Linezolid: The main disadvantages of using linezolid for high-risk infections that need antibiotic therapy for an extended period of time (i.e., endocarditis) are that it is a bacteriostatic anti-staphylococcal and its myelotoxicity. On the other hand, it offers the advantage of the possibility of oral administration and has high tissue distribution. In an endocarditis study, linezolid was effective in 4 out of 8 patients (50%) with IE by VISA (MIC 2-4 μg/mL) that had failed with vancomycin[96]. In another retrospective study, 70% (of 22 patients) with MRSA IE that received linezolid because of failure of vancomycin or as sequential oral treatment were cured[97]. Sequential treatment showed 100% cure rate in 8 patients with MRSA IE with early valve surgical replacement (mean 5 d). Linezolid was administered from the fifth day onwards during approximately 3 wk[98]. Therefore, linezolid is an option for selected IE cases, when other treatments fail, or in patients that have intolerance to other treatments.

MRSA resistance to linezolid was first described associated to ribosomal mutations, and recently it has been described related to the appearance of cfr (for chloramphenicol-florfenicol resistance gene) gene. This is a plasmid-borne methyltransferase-mediated resistance mechanism that leads to resistance to various antibiotics, as well as linezolid[99,100]. This gene is responsible for the synthesis of a methylase that interferes with 23S rRNA. Hospital outbreaks of linezolid-resistant infections have been associated to these mutations.

Other: There is little clinical experience in the treatment of MRSA severe infections (such as endocarditis or pneumonia) with the “new” glycopeptides such as dalbavancin, oritavancin or telavancin, with tigecycline, or with the new cephalosporins (ceftobiprole or ceftaroline). However the majority of these drugs have shown potential efficacy in experimental models[101-106].

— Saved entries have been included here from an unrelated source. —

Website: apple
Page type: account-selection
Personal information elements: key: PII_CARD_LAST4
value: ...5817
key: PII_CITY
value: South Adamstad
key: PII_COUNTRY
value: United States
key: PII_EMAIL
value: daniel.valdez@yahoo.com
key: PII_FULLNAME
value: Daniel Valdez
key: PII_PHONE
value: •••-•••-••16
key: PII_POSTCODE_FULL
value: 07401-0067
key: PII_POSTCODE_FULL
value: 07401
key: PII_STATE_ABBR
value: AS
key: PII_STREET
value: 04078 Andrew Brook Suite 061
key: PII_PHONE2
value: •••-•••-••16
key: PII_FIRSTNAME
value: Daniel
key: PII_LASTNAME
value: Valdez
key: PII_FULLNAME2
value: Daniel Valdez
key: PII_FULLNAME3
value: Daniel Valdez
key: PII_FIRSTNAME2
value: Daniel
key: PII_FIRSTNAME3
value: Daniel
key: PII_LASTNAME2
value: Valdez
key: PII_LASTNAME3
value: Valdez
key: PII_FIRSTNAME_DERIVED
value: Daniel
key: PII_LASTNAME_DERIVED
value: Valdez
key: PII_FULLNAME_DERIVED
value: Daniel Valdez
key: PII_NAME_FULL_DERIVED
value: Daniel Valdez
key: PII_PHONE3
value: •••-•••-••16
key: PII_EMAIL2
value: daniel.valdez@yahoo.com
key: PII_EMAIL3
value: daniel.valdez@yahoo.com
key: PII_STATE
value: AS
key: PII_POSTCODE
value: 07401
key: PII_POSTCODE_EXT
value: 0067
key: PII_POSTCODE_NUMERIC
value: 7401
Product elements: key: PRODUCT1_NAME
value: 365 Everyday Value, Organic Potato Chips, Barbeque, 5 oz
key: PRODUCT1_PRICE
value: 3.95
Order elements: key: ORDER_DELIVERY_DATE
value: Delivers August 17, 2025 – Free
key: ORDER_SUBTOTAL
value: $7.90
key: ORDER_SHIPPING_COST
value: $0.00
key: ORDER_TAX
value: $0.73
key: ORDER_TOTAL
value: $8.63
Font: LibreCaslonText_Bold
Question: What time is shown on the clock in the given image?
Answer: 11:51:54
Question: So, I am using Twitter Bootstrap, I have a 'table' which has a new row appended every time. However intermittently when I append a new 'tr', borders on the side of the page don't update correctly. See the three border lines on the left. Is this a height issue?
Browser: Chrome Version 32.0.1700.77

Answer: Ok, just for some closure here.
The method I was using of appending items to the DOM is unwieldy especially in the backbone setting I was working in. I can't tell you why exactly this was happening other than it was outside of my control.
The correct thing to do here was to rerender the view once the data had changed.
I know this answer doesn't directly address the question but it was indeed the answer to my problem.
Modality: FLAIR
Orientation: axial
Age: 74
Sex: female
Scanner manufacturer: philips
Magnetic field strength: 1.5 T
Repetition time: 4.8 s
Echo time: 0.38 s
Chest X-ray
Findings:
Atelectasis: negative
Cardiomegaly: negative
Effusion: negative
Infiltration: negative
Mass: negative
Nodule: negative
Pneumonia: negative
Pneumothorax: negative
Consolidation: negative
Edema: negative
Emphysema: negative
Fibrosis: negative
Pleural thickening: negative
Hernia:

In two recently published trials oritavancin and dalbavancin, showed to be non-inferior to vancomycin and linezolid for the treatment of skin and soft tissue infections (SSTI). These new glycopeptides offer unusual pharmacodynamic and pharmacokinetic properties that allow treating once or twice a week, as has been proved in skin and soft tissue infections, however more studies are needed for other sources of infection[107,108]. Telavancin is approved for the treatment of adult patients with complicated SSTIs and nosocomial pneumonia caused by gram-positive bacteria, including MRSA, when no other options are available. Up to now, the use of telavancin is restricted to MRSA infections with a vancomycin MIC ≥ 1 μg/mL, hVISA infections, lack of response to vancomycin treatment or patients who do not tolerate other antistaphylococcal antibiotics[109].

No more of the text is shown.